Content starts

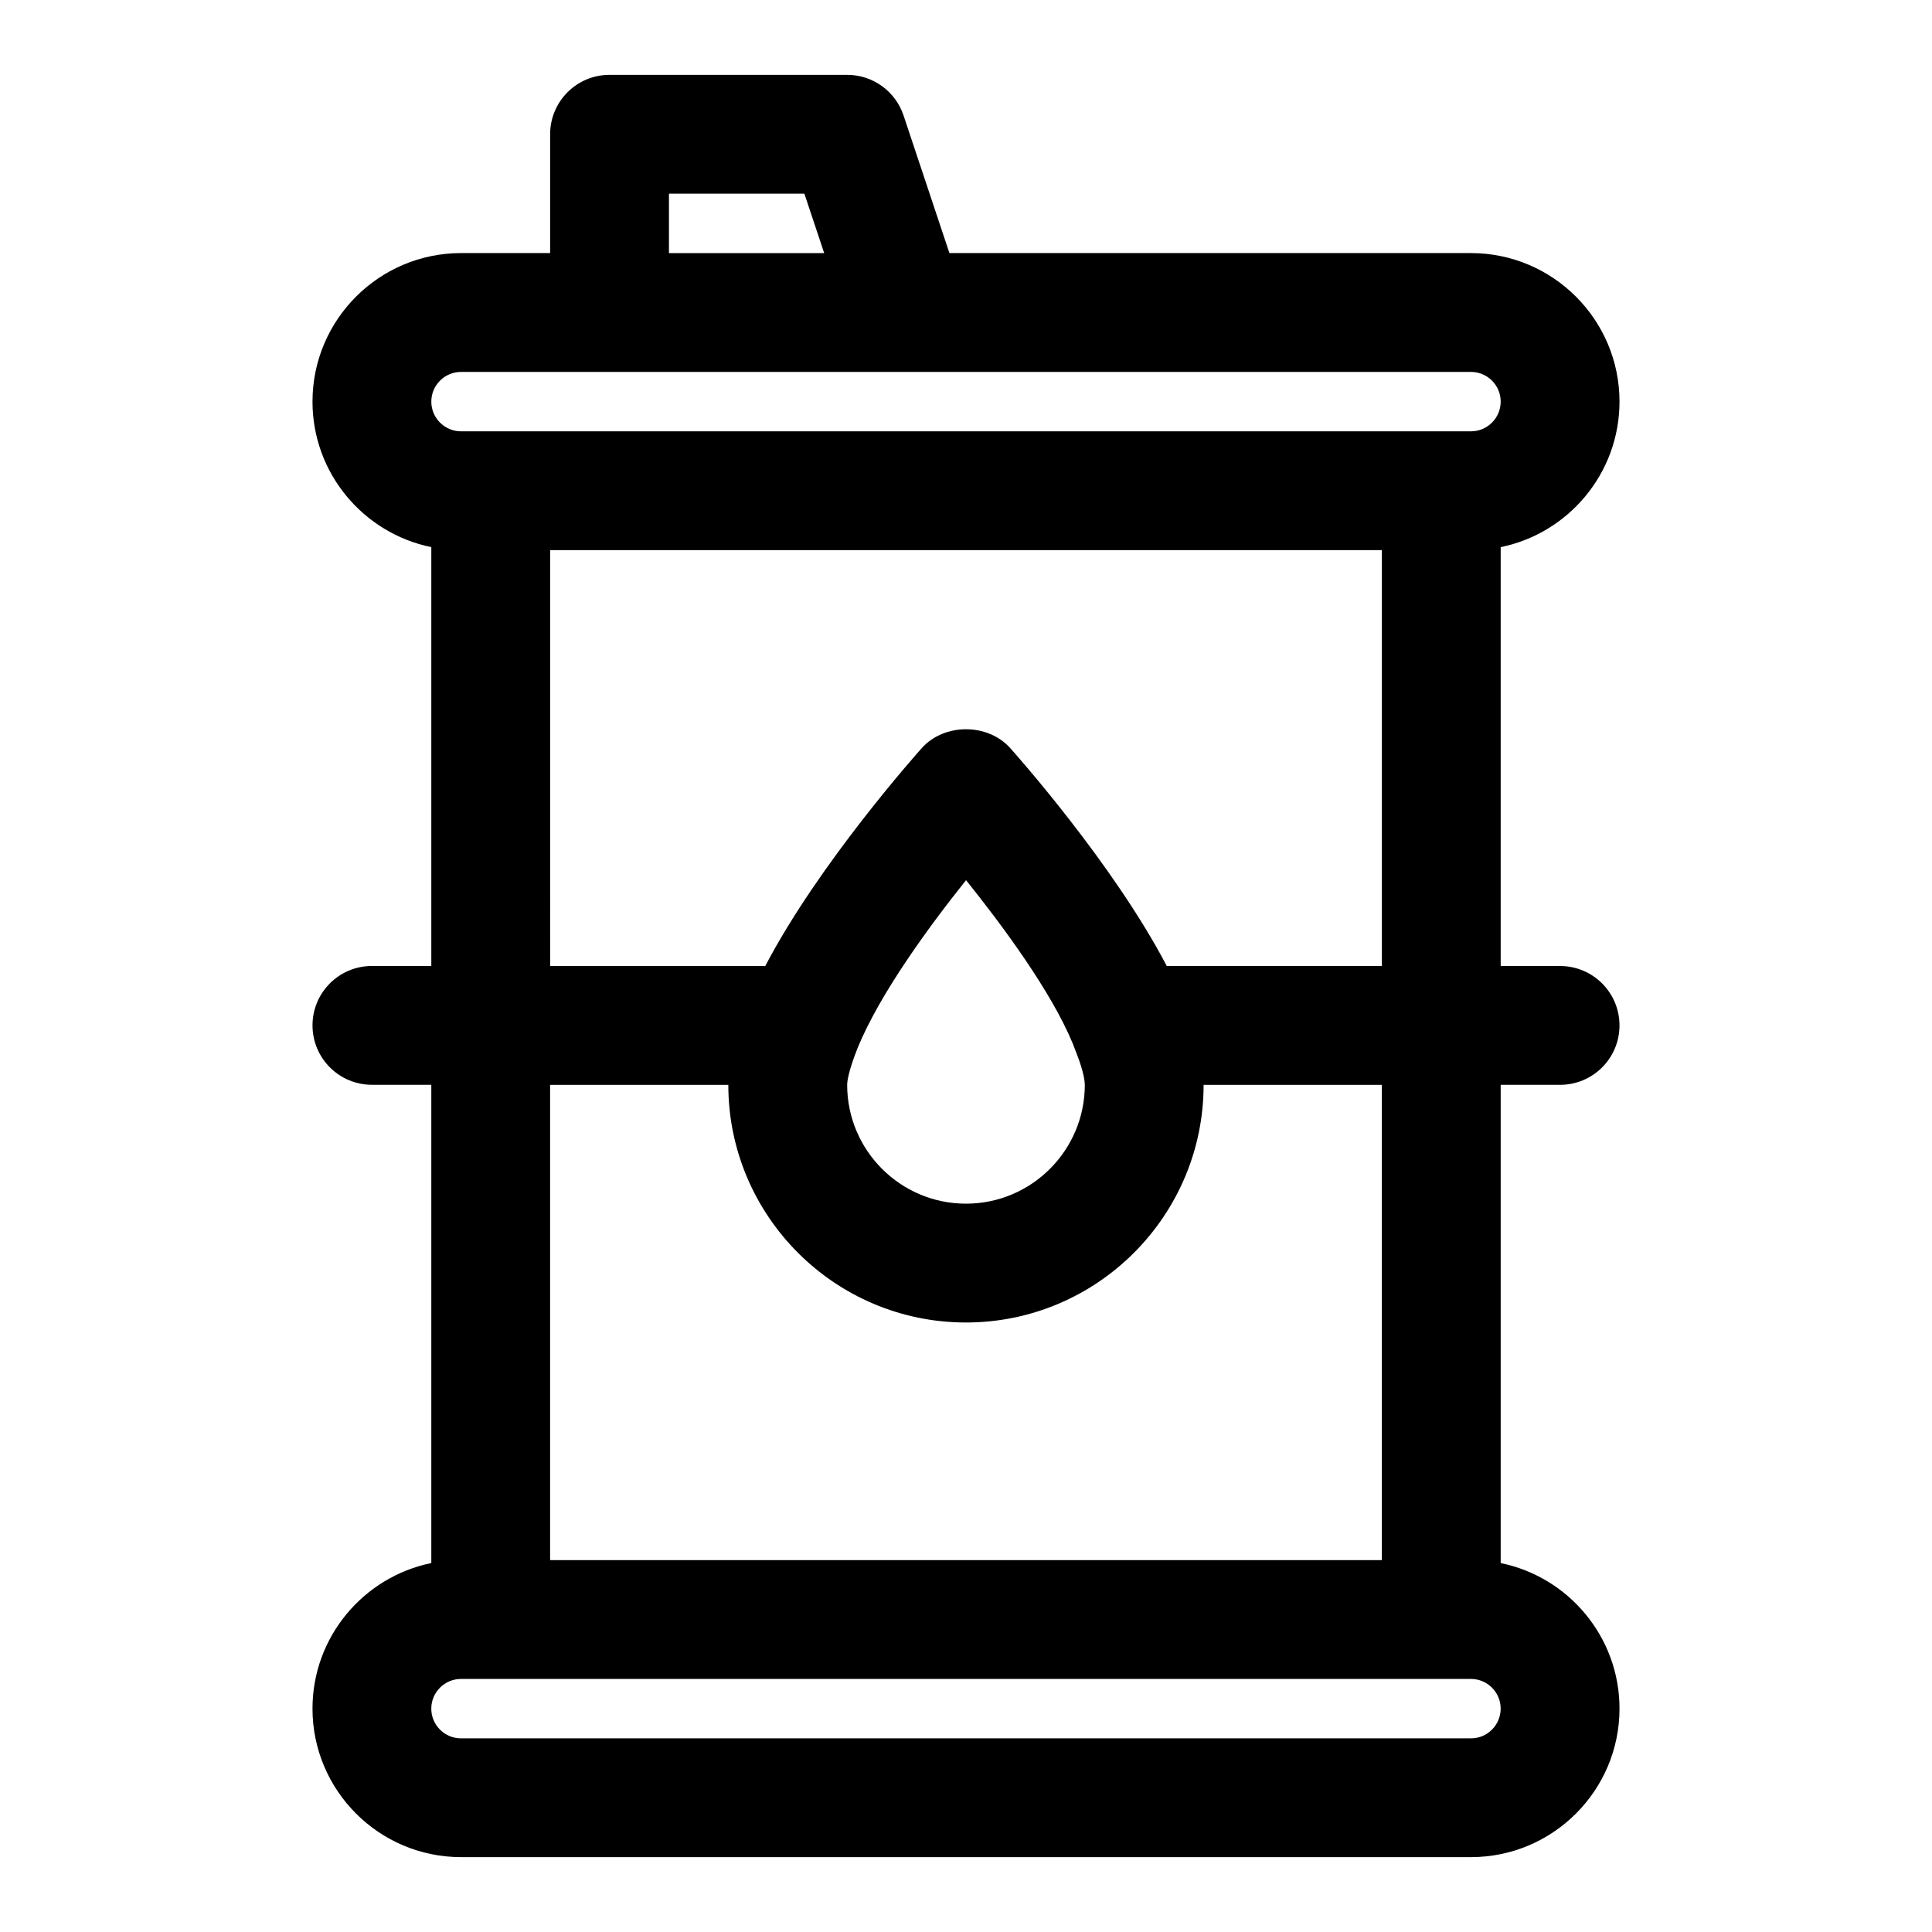 <?xml version="1.0" encoding="UTF-8"?>
<!-- Uploaded to: SVG Repo, www.svgrepo.com, Generator: SVG Repo Mixer Tools -->
<svg fill="#000000" width="800px" height="800px" version="1.1" viewBox="144 144 512 512" xmlns="http://www.w3.org/2000/svg">
 <path d="m557.44 431.49c8.695 0 15.742-7.043 15.742-15.742 0-8.703-7.051-15.742-15.742-15.742h-15.742v-111.01c17.945-3.656 31.488-19.551 31.488-38.566 0-21.711-17.66-39.359-39.359-39.359h-138.22l-12.156-36.469c-2.148-6.43-8.156-10.766-14.938-10.766h-62.977c-8.695 0-15.746 7.043-15.746 15.746v31.488h-23.613c-21.703 0-39.363 17.648-39.363 39.359 0 19.012 13.543 34.906 31.488 38.566v111h-15.742c-8.695 0-15.742 7.043-15.742 15.742 0 8.703 7.051 15.742 15.742 15.742h15.742v126.75c-17.941 3.66-31.488 19.555-31.488 38.57 0 21.707 17.66 39.359 39.363 39.359h267.65c21.703 0 39.359-17.652 39.359-39.359 0-19.012-13.543-34.906-31.488-38.566v-126.75zm-236.16-236.16h35.887l5.25 15.742-41.137 0.004zm-55.102 47.234h267.65c4.344 0 7.871 3.535 7.871 7.871 0 4.336-3.527 7.871-7.871 7.871h-267.65c-4.344 0-7.875-3.535-7.875-7.871 0-4.336 3.531-7.871 7.875-7.871zm23.613 47.23h220.42v110.21h-57.008c-14.207-27.18-40.258-56.379-41.492-57.762-5.965-6.641-17.449-6.641-23.418 0-1.23 1.383-27.281 30.586-41.488 57.766h-57.012zm139.48 133.29c2.051 5.215 2.215 7.75 2.215 8.414 0 17.359-14.121 31.488-31.488 31.488s-31.488-14.129-31.488-31.488c0-0.66 0.164-3.199 2.762-9.762 5.949-14.516 19.055-32.363 28.742-44.48 9.641 12.008 22.602 29.52 28.297 43.34 0.102 0.312 0.309 0.793 0.453 1.176 0.023 0.059 0.043 0.121 0.07 0.18 0.148 0.383 0.242 0.664 0.438 1.133zm104.55 181.6h-267.65c-4.344 0-7.875-3.535-7.875-7.871 0-4.336 3.531-7.875 7.875-7.875h267.65c4.344 0 7.871 3.535 7.871 7.871 0 4.34-3.527 7.875-7.871 7.875zm-23.617-47.234h-220.42v-125.95h47.23c0 34.734 28.25 62.977 62.977 62.977 34.727 0 62.977-28.242 62.977-62.977h47.23z"/>
</svg>

Content ends

* [The problem]
Please ensure that the data above is repeated exactly, with no pictures in the copy.

* [Response below]
 <?xml version="1.0" encoding="UTF-8"?>
<!-- Uploaded to: SVG Repo, www.svgrepo.com, Generator: SVG Repo Mixer Tools -->
<svg fill="#000000" width="800px" height="800px" version="1.1" viewBox="144 144 512 512" xmlns="http://www.w3.org/2000/svg">
 <path d="m557.44 431.49c8.695 0 15.742-7.043 15.742-15.742 0-8.703-7.051-15.742-15.742-15.742h-15.742v-111.01c17.945-3.656 31.488-19.551 31.488-38.566 0-21.711-17.66-39.359-39.359-39.359h-138.22l-12.156-36.469c-2.148-6.43-8.156-10.766-14.938-10.766h-62.977c-8.695 0-15.746 7.043-15.746 15.746v31.488h-23.613c-21.703 0-39.363 17.648-39.363 39.359 0 19.012 13.543 34.906 31.488 38.566v111h-15.742c-8.695 0-15.742 7.043-15.742 15.742 0 8.703 7.051 15.742 15.742 15.742h15.742v126.75c-17.941 3.66-31.488 19.555-31.488 38.57 0 21.707 17.66 39.359 39.363 39.359h267.65c21.703 0 39.359-17.652 39.359-39.359 0-19.012-13.543-34.906-31.488-38.566v-126.75zm-236.16-236.16h35.887l5.25 15.742-41.137 0.004zm-55.102 47.234h267.65c4.344 0 7.871 3.535 7.871 7.871 0 4.336-3.527 7.871-7.871 7.871h-267.65c-4.344 0-7.875-3.535-7.875-7.871 0-4.336 3.531-7.871 7.875-7.871zm23.613 47.23h220.42v110.21h-57.008c-14.207-27.18-40.258-56.379-41.492-57.762-5.965-6.641-17.449-6.641-23.418 0-1.23 1.383-27.281 30.586-41.488 57.766h-57.012zm139.48 133.29c2.051 5.215 2.215 7.75 2.215 8.414 0 17.359-14.121 31.488-31.488 31.488s-31.488-14.129-31.488-31.488c0-0.66 0.164-3.199 2.762-9.762 5.949-14.516 19.055-32.363 28.742-44.48 9.641 12.008 22.602 29.52 28.297 43.34 0.102 0.312 0.309 0.793 0.453 1.176 0.023 0.059 0.043 0.121 0.07 0.18 0.148 0.383 0.242 0.664 0.438 1.133zm104.55 181.6h-267.65c-4.344 0-7.875-3.535-7.875-7.871 0-4.336 3.531-7.875 7.875-7.875h267.65c4.344 0 7.871 3.535 7.871 7.871 0 4.34-3.527 7.875-7.871 7.875zm-23.617-47.234h-220.42v-125.95h47.23c0 34.734 28.25 62.977 62.977 62.977 34.727 0 62.977-28.242 62.977-62.977h47.23z"/>
</svg>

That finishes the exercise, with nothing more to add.